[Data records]
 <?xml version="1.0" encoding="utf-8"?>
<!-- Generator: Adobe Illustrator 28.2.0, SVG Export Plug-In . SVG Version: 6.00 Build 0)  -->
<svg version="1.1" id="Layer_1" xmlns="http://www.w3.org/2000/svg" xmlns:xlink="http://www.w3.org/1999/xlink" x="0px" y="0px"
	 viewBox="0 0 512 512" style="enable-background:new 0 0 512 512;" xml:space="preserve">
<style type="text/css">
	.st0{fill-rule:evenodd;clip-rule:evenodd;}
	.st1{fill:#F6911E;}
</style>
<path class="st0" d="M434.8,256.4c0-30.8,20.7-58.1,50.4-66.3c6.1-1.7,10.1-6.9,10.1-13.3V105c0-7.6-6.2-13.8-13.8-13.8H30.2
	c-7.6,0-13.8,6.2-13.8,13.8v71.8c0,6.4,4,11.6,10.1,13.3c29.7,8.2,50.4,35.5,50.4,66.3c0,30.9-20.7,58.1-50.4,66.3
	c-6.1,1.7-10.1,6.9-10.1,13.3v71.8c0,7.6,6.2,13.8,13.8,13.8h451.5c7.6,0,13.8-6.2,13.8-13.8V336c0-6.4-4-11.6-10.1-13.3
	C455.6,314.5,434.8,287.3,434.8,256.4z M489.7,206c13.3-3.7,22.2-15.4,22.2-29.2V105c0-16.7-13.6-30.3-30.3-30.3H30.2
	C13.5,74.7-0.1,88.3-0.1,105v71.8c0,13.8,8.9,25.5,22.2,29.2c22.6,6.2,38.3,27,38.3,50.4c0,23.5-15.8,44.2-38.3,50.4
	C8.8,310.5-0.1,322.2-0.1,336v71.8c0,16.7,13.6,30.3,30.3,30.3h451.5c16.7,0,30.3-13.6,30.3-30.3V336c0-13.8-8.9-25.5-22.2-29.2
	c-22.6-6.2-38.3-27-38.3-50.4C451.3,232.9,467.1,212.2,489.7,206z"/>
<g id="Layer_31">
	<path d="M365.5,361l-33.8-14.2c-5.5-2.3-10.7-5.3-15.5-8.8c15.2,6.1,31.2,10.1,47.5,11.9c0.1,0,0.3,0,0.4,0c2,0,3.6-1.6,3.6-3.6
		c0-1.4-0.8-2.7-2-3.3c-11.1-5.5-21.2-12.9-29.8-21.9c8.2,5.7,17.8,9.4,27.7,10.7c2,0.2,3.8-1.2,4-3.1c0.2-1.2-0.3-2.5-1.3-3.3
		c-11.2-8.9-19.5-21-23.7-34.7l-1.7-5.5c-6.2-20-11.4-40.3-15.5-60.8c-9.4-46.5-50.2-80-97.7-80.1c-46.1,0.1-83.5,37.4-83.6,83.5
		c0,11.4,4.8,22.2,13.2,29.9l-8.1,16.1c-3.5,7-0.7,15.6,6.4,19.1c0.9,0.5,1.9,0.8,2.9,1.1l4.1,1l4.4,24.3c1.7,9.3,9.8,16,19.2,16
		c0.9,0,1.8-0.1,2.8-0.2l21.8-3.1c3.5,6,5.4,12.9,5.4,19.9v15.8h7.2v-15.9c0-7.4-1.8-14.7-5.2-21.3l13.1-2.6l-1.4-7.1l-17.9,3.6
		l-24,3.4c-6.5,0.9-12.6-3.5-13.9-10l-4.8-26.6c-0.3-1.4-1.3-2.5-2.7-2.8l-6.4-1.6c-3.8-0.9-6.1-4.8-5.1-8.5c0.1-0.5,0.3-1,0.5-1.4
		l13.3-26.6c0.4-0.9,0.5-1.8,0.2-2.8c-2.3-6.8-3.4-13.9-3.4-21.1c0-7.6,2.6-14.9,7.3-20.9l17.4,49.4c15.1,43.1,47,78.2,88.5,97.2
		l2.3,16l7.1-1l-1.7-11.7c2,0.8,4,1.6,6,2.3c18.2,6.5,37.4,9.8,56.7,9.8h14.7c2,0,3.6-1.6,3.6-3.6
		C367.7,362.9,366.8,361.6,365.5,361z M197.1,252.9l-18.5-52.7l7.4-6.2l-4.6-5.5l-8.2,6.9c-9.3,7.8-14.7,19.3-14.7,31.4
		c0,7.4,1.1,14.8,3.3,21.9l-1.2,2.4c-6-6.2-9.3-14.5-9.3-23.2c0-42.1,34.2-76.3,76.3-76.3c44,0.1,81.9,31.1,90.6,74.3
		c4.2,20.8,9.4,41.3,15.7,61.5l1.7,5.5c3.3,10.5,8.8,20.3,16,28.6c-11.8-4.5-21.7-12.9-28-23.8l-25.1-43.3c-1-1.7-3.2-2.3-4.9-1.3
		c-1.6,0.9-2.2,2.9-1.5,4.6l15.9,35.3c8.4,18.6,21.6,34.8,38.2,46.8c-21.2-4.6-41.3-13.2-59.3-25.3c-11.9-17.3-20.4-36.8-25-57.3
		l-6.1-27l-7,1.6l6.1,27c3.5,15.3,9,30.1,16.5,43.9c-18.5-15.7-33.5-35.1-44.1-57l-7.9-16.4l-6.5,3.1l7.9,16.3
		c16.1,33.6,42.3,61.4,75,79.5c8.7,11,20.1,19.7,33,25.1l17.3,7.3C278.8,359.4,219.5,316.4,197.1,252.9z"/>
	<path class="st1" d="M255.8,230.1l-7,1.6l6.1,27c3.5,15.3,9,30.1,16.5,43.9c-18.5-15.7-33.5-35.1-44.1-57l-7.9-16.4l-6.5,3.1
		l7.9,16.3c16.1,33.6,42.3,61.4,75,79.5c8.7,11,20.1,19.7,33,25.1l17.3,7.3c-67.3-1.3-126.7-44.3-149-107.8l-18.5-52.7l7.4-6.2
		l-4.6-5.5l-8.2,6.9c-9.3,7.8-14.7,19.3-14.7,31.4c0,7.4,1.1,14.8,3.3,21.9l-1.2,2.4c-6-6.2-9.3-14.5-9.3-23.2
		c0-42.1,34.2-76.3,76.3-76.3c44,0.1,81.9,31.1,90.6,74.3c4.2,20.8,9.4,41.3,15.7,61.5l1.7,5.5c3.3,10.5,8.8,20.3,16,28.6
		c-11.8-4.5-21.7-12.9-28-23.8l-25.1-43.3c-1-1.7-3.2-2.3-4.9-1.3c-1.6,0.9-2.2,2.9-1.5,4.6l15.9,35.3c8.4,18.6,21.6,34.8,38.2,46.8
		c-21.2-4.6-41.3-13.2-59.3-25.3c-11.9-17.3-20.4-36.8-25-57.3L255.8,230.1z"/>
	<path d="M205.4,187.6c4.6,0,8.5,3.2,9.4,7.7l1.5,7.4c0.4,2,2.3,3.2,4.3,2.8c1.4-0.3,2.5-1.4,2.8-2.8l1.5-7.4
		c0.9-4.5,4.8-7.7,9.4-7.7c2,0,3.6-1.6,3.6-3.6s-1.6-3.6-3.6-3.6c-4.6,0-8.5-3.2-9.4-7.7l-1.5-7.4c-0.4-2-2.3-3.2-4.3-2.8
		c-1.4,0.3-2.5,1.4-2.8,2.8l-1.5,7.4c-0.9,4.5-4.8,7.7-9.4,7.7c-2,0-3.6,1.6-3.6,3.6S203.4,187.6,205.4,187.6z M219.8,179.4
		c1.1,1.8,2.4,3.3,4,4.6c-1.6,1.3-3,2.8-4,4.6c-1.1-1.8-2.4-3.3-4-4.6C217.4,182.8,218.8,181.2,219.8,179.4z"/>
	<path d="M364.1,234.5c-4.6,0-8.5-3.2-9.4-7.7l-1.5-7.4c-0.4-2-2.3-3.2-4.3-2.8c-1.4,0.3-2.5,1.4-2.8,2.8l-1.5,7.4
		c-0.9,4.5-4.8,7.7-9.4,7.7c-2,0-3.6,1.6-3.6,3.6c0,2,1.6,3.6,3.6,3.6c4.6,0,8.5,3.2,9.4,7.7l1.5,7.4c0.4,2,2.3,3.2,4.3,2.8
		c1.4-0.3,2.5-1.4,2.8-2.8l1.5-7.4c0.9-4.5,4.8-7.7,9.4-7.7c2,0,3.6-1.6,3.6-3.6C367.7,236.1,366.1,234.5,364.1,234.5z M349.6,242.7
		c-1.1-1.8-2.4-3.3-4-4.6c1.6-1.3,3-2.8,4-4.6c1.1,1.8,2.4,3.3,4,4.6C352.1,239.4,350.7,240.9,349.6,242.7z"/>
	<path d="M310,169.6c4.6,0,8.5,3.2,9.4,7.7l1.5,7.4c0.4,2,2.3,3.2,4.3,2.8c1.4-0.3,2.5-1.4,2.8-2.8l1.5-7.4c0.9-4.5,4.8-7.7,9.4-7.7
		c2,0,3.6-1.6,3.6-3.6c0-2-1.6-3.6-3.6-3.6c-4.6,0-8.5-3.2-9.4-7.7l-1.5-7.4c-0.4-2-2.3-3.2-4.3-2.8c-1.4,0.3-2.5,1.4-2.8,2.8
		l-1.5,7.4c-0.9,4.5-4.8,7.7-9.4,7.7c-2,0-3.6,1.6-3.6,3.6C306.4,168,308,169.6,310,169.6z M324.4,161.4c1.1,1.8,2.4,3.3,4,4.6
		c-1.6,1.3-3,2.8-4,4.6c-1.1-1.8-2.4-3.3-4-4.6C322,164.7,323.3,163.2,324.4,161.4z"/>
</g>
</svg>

Problem to work on
Wherever the word "path" appears in the records above, copy that line.

Answer space
<path class="st0" d="M434.8,256.4c0-30.8,20.7-58.1,50.4-66.3c6.1-1.7,10.1-6.9,10.1-13.3V105c0-7.6-6.2-13.8-13.8-13.8H30.2
	<path d="M365.5,361l-33.8-14.2c-5.5-2.3-10.7-5.3-15.5-8.8c15.2,6.1,31.2,10.1,47.5,11.9c0.1,0,0.3,0,0.4,0c2,0,3.6-1.6,3.6-3.6
	<path class="st1" d="M255.8,230.1l-7,1.6l6.1,27c3.5,15.3,9,30.1,16.5,43.9c-18.5-15.7-33.5-35.1-44.1-57l-7.9-16.4l-6.5,3.1
	<path d="M205.4,187.6c4.6,0,8.5,3.2,9.4,7.7l1.5,7.4c0.4,2,2.3,3.2,4.3,2.8c1.4-0.3,2.5-1.4,2.8-2.8l1.5-7.4
	<path d="M364.1,234.5c-4.6,0-8.5-3.2-9.4-7.7l-1.5-7.4c-0.4-2-2.3-3.2-4.3-2.8c-1.4,0.3-2.5,1.4-2.8,2.8l-1.5,7.4
	<path d="M310,169.6c4.6,0,8.5,3.2,9.4,7.7l1.5,7.4c0.4,2,2.3,3.2,4.3,2.8c1.4-0.3,2.5-1.4,2.8-2.8l1.5-7.4c0.9-4.5,4.8-7.7,9.4-7.7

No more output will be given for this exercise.